Some in the United States believe the word is a play on their pronunciation of the English "speak."[1][2][3] It may also derive from "spig", which was originally used to refer to Italians, in turn from "spiggoty" (sometimes spelled "spiggity", "spigotti", or "spigoty") which may derive from "spaghetti" or "no spika de Inglese".[4] The oldest known use of "spiggoty" is in 1910 by Wilbur Lawton in Boy Aviators in Nicaragua, or, In League with the Insurgents, page 331. Stuart Berg Flexner in I hear America Talking (1976), favored the explanation that it derives from "no spik Ingles" (or "no spika de Ingles").[5] These theories follow standard naming practices, which include attacking people according to the foods they eat (see Kraut and Frog) and for their failure to speak a language (see Barbarian and Gringo).

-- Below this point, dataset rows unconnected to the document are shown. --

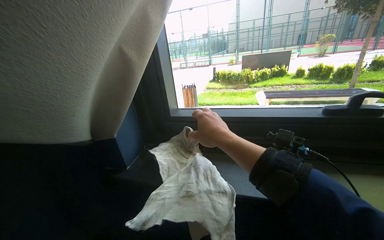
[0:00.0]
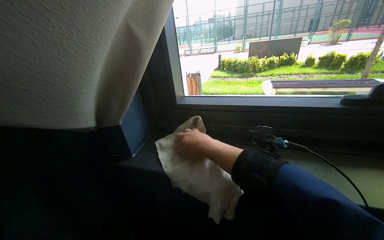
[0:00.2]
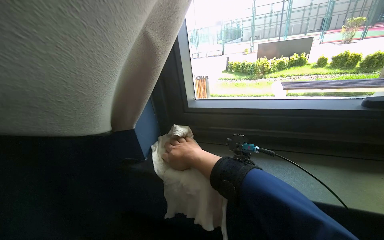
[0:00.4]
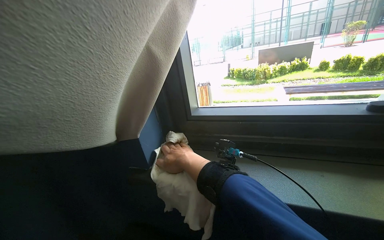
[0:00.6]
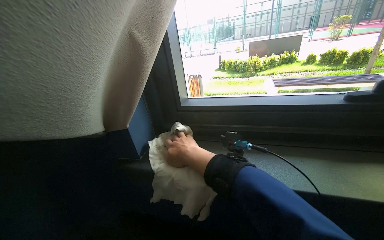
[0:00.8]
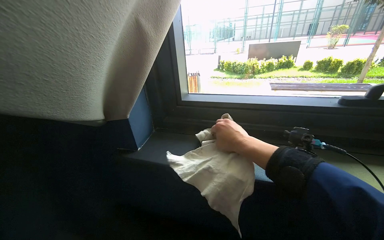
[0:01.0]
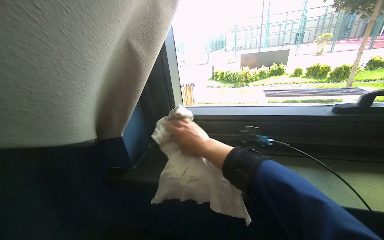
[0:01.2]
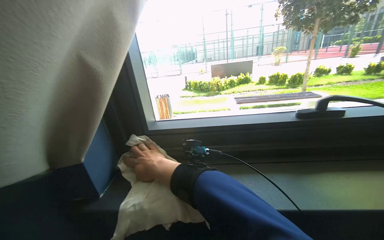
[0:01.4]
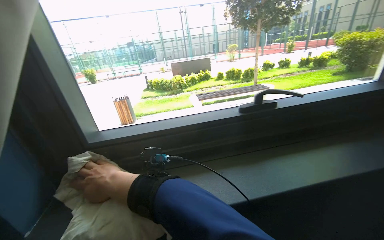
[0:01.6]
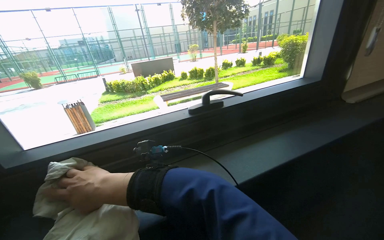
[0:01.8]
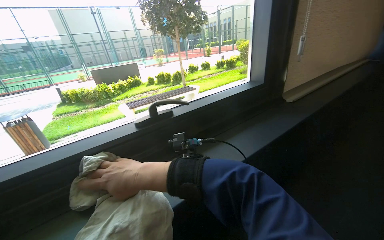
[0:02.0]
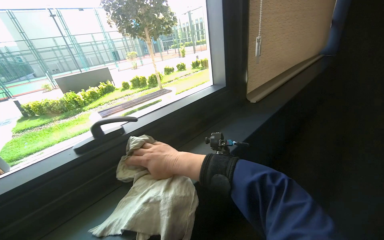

A slur derived from "spic" is "spic and span" (first used in the African-American community in the 1950s) meaning a mixed Puerto Rican and African-American couple.[6] The phrase had legitimate currency at the time as the name of a cleaning product, "Spic and Span", before it was applied to mixed-heritage couples. This product is still sold under the same name.[7] The product took the name from a common phrase meaning extremely clean, "spick and span", which was a British idiom first recorded in 1579, and used in Samuel Pepys's diary. A spick was a spike or nail, a span was a very fresh wood chip, and thus the phrase meant clean and neat and all in place, as in being nailed down. The "span" in the idiom also is part of "brand span new", now more commonly rendered "brand spanking new", and has nothing to do with the words "Spanish" or "Hispanic". [4][5]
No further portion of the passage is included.